Editorials

Make new ETRs affordable

etr

A new model of Electronic tax register (ETR) machine for automatic transmission of tax data. PHOTO | LUCY WANJIRU | NMG

Kenyan traders risk a Sh1 million fine or a jail term of three years if they fail to procure an upgraded electronic tax register (ETR) in the next one month, which will grant the taxman real-time access to their invoices.

The Kenya Revenue Authority (KRA) requires businesses to buy and deploy the new Internet-enabled ETRs that track invoicing at every turn of a transaction to assess the tax dues promptly by July 31. The KRA says the system will enhance compliance in the shift from the current manual process in which the taxman does not have visibility of taxable transactions.

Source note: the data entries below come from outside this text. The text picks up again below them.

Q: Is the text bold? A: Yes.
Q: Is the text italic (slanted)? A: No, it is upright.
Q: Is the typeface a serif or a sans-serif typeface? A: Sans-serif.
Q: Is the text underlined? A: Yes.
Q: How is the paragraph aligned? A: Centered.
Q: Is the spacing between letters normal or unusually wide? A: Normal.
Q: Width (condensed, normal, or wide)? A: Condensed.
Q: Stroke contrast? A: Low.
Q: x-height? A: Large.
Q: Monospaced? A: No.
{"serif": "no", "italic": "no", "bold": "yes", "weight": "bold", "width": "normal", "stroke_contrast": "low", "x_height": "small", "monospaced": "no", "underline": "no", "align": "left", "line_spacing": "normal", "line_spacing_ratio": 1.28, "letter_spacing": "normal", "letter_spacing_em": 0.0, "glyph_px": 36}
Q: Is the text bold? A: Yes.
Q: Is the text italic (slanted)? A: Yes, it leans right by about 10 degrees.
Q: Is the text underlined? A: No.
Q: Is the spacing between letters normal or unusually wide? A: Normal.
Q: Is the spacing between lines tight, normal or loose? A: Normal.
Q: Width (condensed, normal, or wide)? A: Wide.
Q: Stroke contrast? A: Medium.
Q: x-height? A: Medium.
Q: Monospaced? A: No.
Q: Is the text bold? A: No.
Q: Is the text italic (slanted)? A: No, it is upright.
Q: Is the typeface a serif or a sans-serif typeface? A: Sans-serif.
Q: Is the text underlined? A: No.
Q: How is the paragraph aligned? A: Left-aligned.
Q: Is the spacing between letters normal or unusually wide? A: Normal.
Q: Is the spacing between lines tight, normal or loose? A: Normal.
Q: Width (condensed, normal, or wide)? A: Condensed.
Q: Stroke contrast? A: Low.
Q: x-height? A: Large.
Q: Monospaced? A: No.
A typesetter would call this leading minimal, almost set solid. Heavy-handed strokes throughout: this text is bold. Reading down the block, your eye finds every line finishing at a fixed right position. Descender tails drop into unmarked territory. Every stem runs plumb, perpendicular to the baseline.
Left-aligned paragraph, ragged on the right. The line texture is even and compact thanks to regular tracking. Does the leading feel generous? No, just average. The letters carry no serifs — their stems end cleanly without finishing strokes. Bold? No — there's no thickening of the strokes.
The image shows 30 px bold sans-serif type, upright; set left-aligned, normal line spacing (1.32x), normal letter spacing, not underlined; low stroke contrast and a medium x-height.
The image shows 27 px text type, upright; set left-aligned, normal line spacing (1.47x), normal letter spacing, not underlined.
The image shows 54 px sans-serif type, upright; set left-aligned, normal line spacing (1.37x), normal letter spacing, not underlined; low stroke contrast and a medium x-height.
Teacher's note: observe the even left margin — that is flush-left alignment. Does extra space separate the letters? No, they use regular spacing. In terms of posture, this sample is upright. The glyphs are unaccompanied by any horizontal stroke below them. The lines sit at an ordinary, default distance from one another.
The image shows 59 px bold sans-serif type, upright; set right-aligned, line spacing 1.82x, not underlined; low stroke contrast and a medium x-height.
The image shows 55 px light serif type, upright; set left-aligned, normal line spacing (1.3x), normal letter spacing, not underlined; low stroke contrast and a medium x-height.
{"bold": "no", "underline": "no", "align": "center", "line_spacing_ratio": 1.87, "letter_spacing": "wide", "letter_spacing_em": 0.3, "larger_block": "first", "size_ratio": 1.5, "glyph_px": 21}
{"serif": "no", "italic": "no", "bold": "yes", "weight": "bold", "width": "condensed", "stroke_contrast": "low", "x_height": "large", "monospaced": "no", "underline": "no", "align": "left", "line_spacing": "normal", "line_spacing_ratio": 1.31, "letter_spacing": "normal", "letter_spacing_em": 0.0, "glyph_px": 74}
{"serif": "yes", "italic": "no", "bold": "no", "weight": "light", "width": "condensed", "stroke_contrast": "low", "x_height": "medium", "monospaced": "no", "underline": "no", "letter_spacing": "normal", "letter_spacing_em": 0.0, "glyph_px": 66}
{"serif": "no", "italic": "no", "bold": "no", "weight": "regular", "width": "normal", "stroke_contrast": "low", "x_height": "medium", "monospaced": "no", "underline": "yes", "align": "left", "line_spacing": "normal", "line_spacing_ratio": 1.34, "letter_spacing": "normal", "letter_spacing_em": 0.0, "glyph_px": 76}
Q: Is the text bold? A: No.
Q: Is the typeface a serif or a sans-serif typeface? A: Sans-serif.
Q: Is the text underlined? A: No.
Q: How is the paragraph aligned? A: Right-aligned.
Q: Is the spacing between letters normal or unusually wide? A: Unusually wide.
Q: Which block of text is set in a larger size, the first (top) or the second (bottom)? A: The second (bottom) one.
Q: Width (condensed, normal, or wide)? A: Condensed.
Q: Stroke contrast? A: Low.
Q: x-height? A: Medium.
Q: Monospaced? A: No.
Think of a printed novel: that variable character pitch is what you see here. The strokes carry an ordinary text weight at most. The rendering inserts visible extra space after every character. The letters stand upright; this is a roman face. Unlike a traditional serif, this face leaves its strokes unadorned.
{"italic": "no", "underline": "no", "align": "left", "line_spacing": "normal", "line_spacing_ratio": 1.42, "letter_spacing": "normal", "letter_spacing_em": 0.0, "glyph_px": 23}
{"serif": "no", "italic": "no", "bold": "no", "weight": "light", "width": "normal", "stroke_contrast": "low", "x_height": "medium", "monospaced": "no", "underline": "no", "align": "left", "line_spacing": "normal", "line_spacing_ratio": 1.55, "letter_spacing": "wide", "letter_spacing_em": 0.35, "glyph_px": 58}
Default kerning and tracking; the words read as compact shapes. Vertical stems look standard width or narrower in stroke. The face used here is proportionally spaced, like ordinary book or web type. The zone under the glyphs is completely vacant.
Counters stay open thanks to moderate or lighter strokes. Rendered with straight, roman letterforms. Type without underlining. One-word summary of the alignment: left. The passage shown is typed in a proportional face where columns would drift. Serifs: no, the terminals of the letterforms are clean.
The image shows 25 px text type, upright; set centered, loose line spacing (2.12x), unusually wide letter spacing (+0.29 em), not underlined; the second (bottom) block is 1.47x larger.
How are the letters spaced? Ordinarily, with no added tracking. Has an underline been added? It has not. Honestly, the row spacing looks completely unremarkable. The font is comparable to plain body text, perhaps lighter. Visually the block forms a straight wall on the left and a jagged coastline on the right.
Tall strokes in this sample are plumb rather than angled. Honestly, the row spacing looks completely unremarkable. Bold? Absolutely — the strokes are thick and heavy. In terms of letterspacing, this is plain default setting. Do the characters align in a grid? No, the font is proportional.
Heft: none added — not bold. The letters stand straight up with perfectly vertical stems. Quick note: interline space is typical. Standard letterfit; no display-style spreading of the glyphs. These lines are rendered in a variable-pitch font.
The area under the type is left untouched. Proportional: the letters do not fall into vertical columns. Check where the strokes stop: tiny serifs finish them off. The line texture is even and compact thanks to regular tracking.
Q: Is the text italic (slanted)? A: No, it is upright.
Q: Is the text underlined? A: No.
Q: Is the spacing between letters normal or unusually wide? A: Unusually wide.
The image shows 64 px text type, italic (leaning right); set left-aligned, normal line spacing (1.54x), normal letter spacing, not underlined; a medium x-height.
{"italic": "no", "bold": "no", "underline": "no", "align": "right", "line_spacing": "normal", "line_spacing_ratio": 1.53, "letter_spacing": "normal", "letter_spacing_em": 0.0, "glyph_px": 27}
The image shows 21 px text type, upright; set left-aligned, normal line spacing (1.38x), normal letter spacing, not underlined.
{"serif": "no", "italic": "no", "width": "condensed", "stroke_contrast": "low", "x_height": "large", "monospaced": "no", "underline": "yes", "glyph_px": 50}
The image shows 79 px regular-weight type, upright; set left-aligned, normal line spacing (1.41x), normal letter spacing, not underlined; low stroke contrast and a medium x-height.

The new ETRs will be connected through the Internet to KRA’s systems allowing it to monitor all transactions in the traders' Point-of-Sale and invoicing systems.

This is the latest tool at the disposal of the taxman in efforts to ensure every citizen pays their fair share of taxes. However, this will come as an extra cost for businesses.

Besides the upgraded ETR, traders are also supposed to procure software for the devices.

The KRA has approved 16 suppliers to sell the upgraded ETRs. The suppliers sell the gadgets between Sh45,000-Sh120,000 while the billing sofware is now retailing at about Sh80,000.

In the current environment, it would be in the best interest of he KRA to ensure that the cost of acquiring these gadgets does not become a barrier to compliance for small businesses.